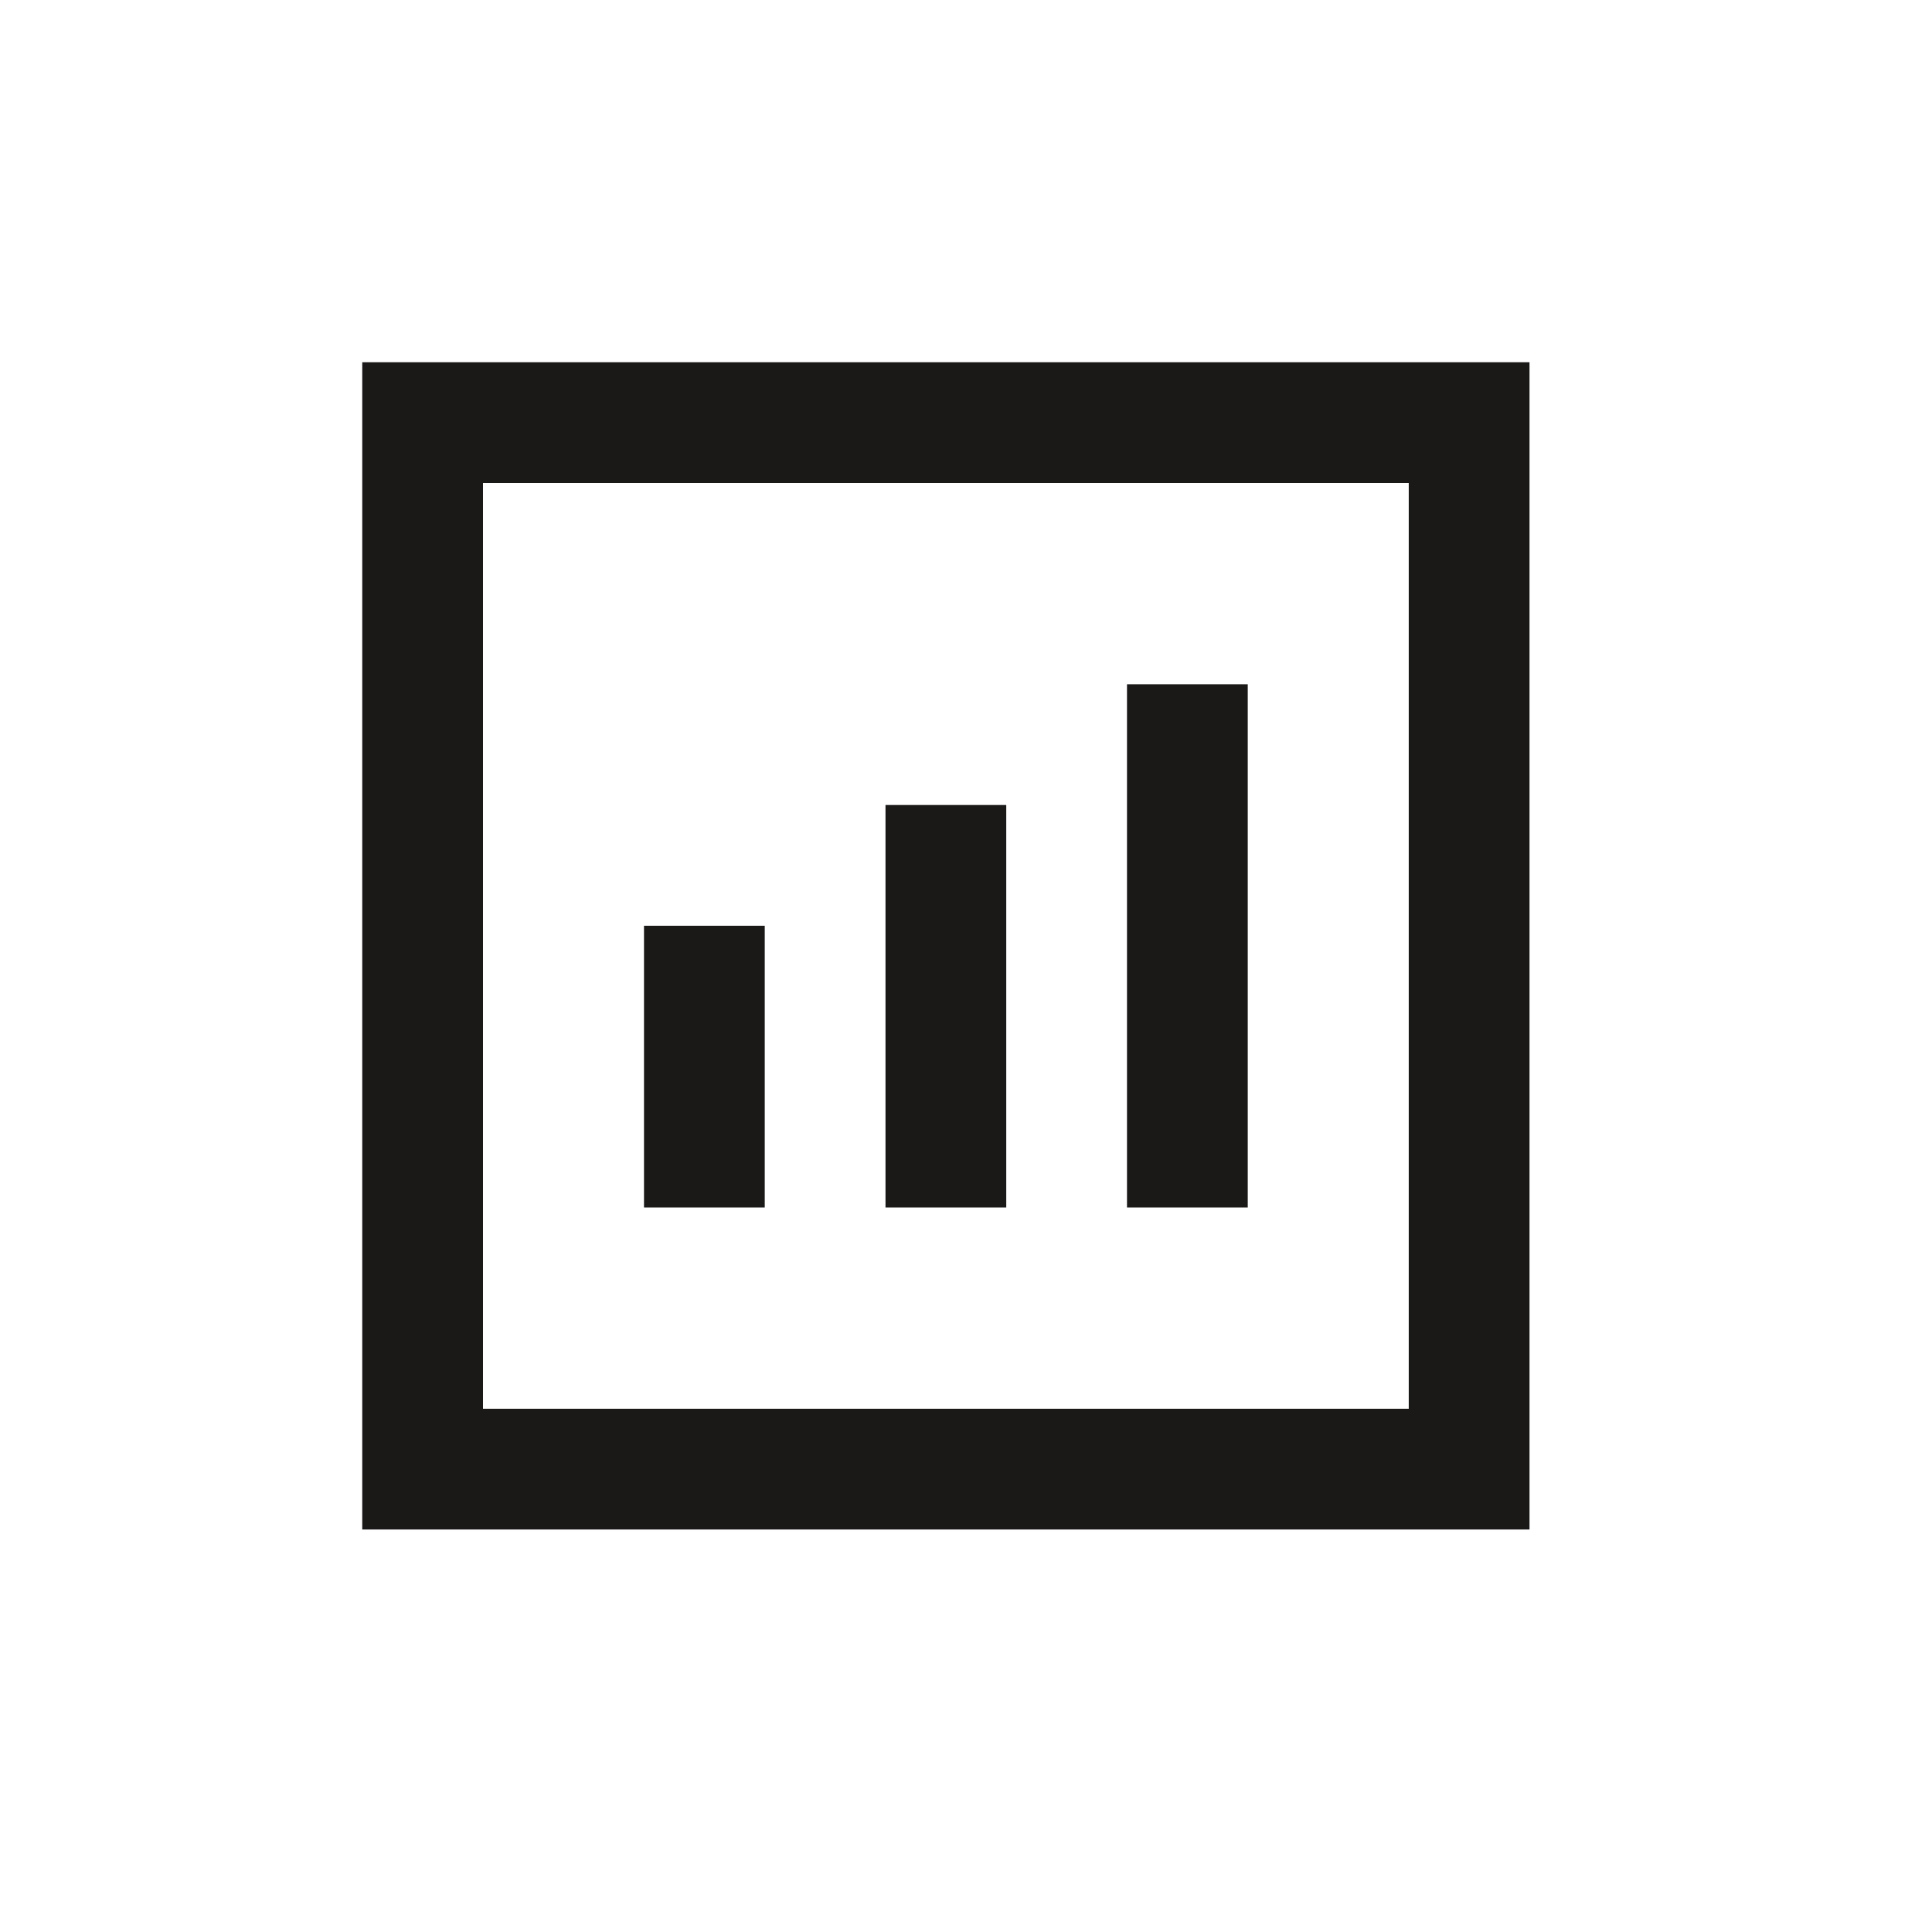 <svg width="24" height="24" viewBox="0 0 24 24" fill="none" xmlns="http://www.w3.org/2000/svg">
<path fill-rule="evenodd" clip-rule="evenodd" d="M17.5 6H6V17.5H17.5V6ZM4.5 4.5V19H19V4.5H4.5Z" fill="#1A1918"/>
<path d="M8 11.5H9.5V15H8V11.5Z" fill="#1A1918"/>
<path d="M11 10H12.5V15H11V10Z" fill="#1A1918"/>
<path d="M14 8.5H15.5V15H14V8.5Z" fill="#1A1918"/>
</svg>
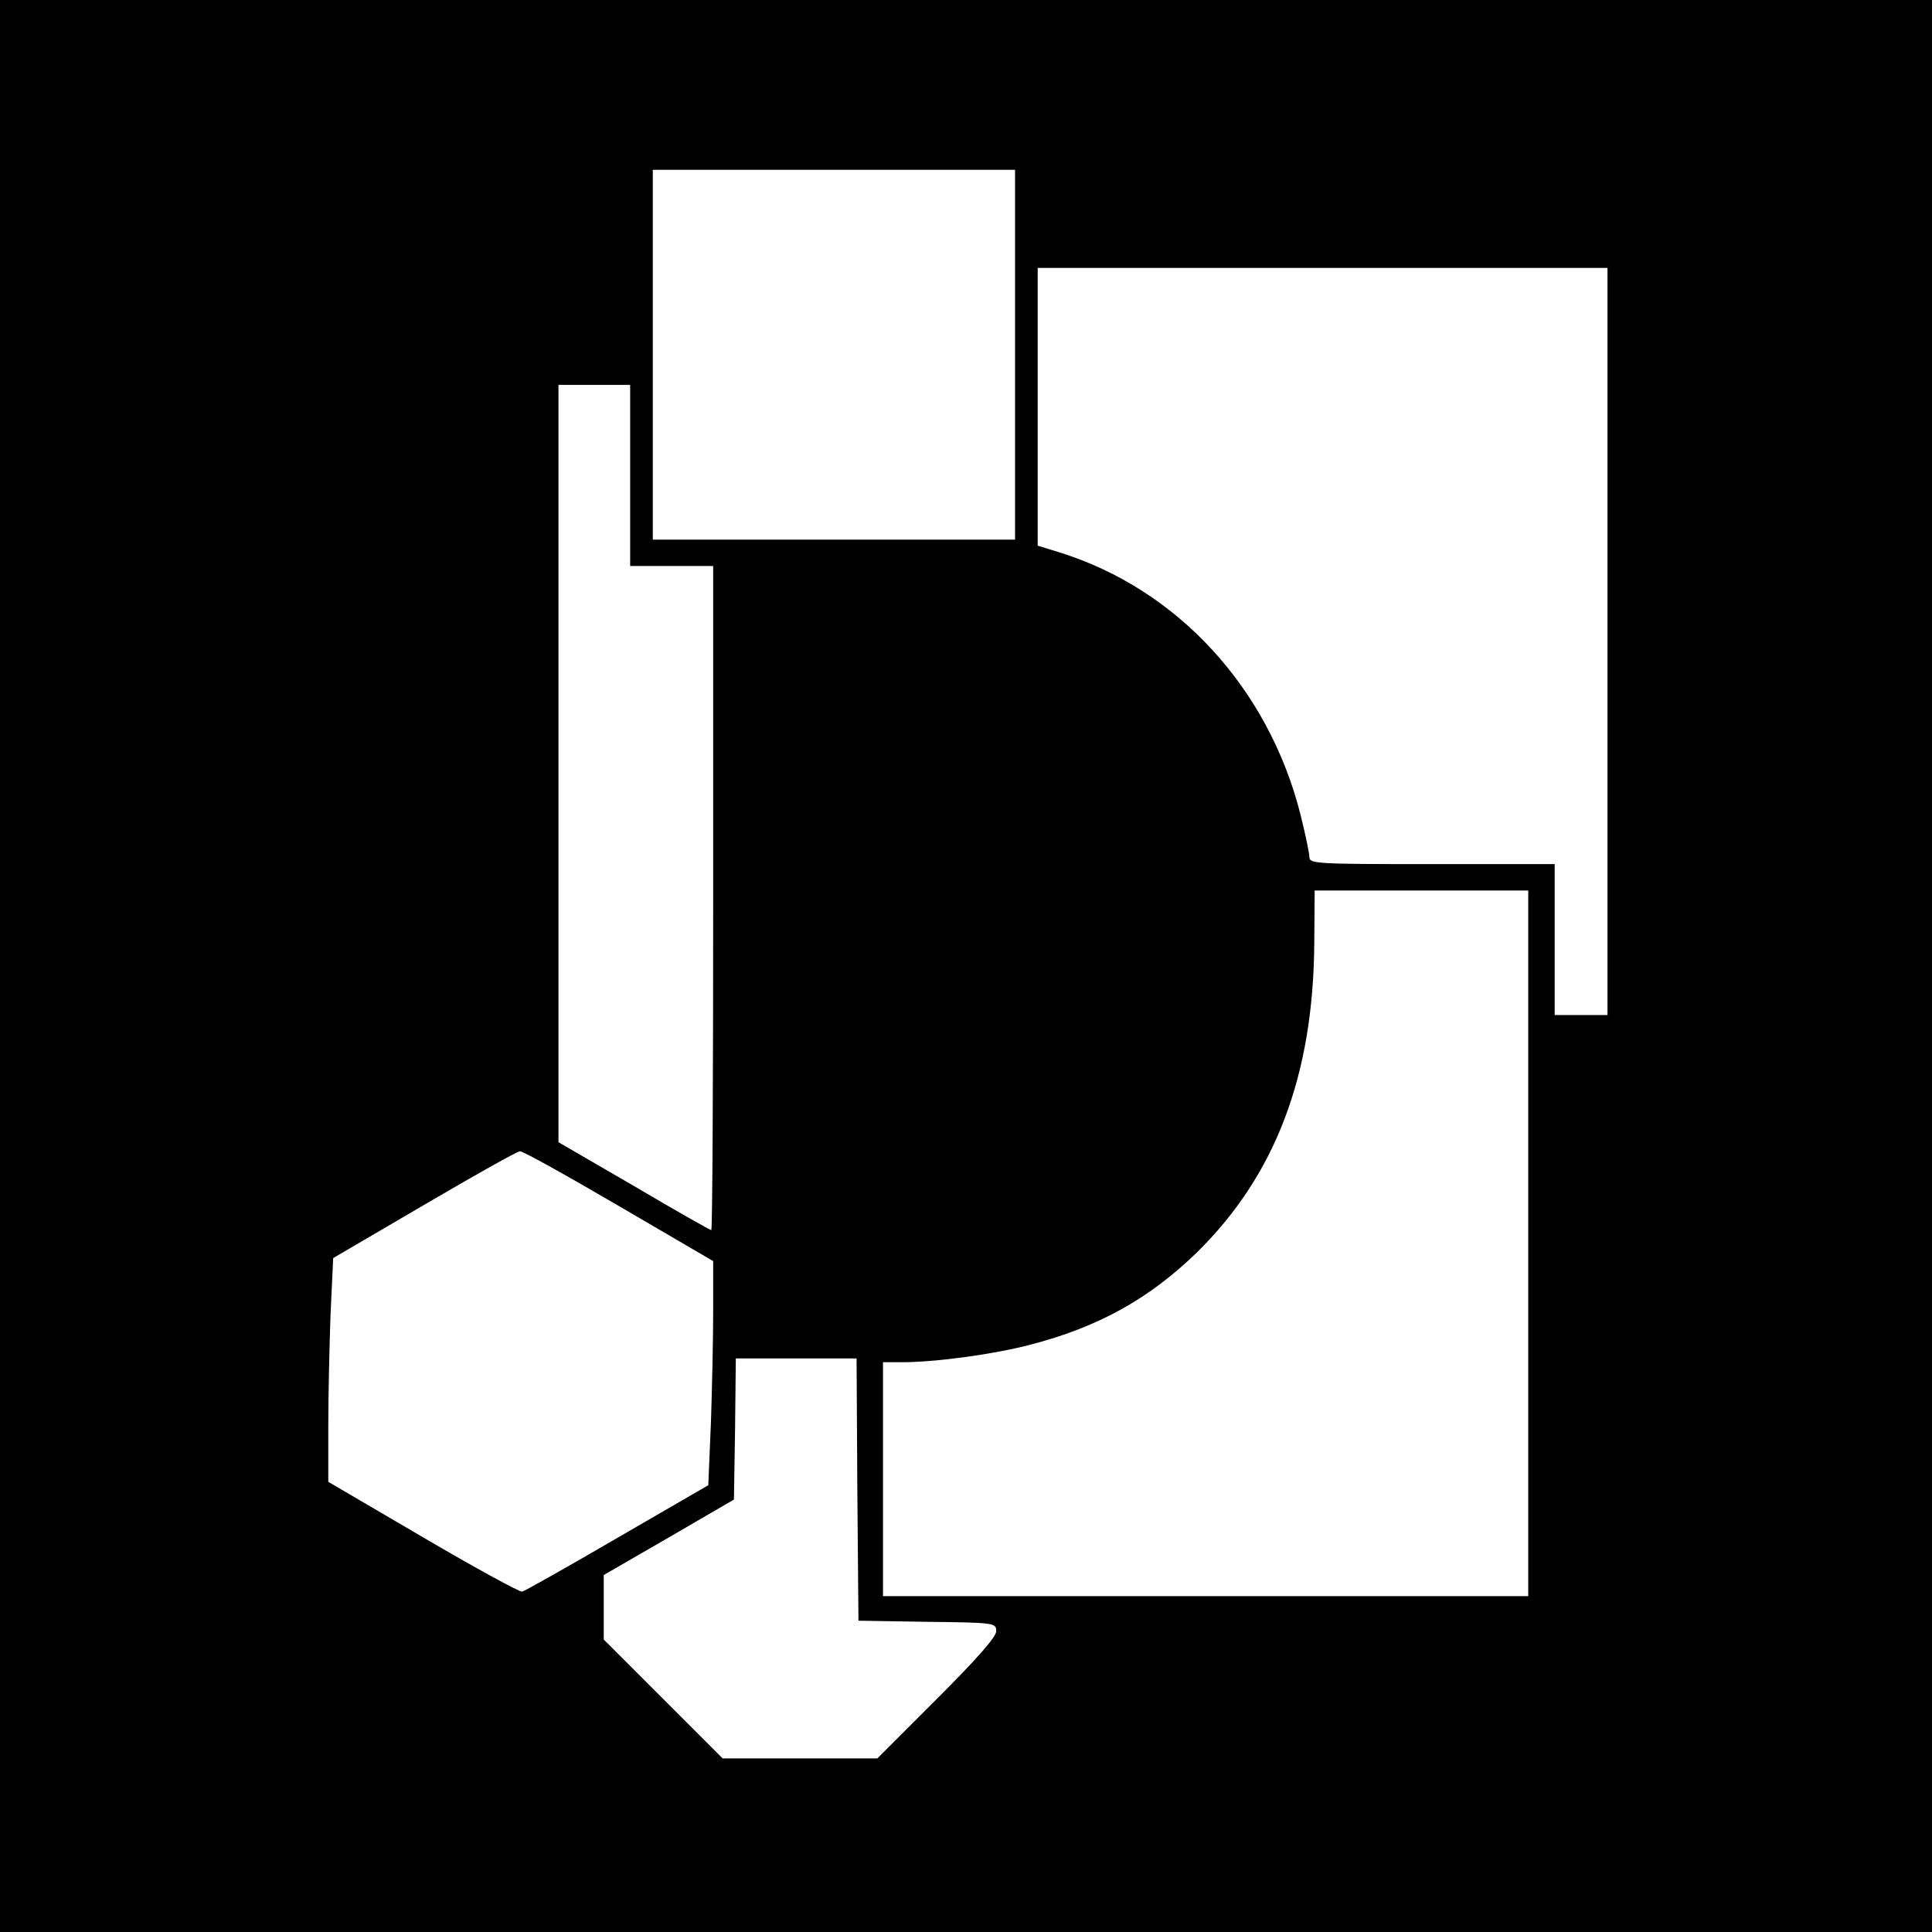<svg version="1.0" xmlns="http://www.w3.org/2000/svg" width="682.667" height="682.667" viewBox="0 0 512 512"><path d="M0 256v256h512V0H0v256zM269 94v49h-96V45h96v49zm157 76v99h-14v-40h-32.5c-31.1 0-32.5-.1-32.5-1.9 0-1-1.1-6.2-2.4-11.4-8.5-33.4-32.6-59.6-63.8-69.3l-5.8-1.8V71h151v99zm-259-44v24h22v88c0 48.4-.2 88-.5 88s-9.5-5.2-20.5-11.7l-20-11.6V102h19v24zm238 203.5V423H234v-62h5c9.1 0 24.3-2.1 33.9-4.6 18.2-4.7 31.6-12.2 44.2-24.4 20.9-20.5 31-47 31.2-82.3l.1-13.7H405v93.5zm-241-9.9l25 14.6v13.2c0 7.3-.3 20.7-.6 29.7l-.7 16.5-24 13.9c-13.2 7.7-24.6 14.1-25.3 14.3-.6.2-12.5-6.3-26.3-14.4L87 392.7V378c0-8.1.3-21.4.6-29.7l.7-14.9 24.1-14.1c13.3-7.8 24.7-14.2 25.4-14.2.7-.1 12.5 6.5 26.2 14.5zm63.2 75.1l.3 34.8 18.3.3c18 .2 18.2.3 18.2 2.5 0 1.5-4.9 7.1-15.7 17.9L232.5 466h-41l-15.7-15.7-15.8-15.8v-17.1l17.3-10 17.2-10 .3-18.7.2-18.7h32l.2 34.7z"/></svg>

^^^^

### What is expected:
Transcribe the data exactly and leave no picture in the copy.

### Exercise output:
 <svg width="24" height="24" viewBox="0 0 24 24" fill="none" xmlns="http://www.w3.org/2000/svg">
<path fill-rule="evenodd" clip-rule="evenodd" d="M17.5 6H6V17.5H17.5V6ZM4.5 4.5V19H19V4.5H4.5Z" fill="#1A1918"/>
<path d="M8 11.5H9.5V15H8V11.5Z" fill="#1A1918"/>
<path d="M11 10H12.5V15H11V10Z" fill="#1A1918"/>
<path d="M14 8.5H15.5V15H14V8.5Z" fill="#1A1918"/>
</svg>
<svg version="1.0" xmlns="http://www.w3.org/2000/svg" width="682.667" height="682.667" viewBox="0 0 512 512"><path d="M0 256v256h512V0H0v256zM269 94v49h-96V45h96v49zm157 76v99h-14v-40h-32.5c-31.1 0-32.5-.1-32.5-1.9 0-1-1.1-6.2-2.4-11.4-8.5-33.4-32.6-59.6-63.8-69.3l-5.8-1.8V71h151v99zm-259-44v24h22v88c0 48.4-.2 88-.5 88s-9.5-5.2-20.5-11.7l-20-11.6V102h19v24zm238 203.5V423H234v-62h5c9.1 0 24.3-2.1 33.9-4.6 18.2-4.7 31.6-12.2 44.2-24.4 20.9-20.5 31-47 31.2-82.3l.1-13.7H405v93.5zm-241-9.9l25 14.6v13.2c0 7.3-.3 20.7-.6 29.7l-.7 16.5-24 13.9c-13.2 7.7-24.6 14.1-25.3 14.3-.6.2-12.5-6.3-26.3-14.4L87 392.7V378c0-8.1.3-21.4.6-29.7l.7-14.9 24.1-14.1c13.3-7.8 24.7-14.2 25.4-14.2.7-.1 12.5 6.5 26.2 14.5zm63.2 75.1l.3 34.8 18.3.3c18 .2 18.2.3 18.2 2.5 0 1.5-4.9 7.1-15.7 17.9L232.5 466h-41l-15.7-15.7-15.8-15.8v-17.1l17.3-10 17.2-10 .3-18.7.2-18.7h32l.2 34.7z"/></svg>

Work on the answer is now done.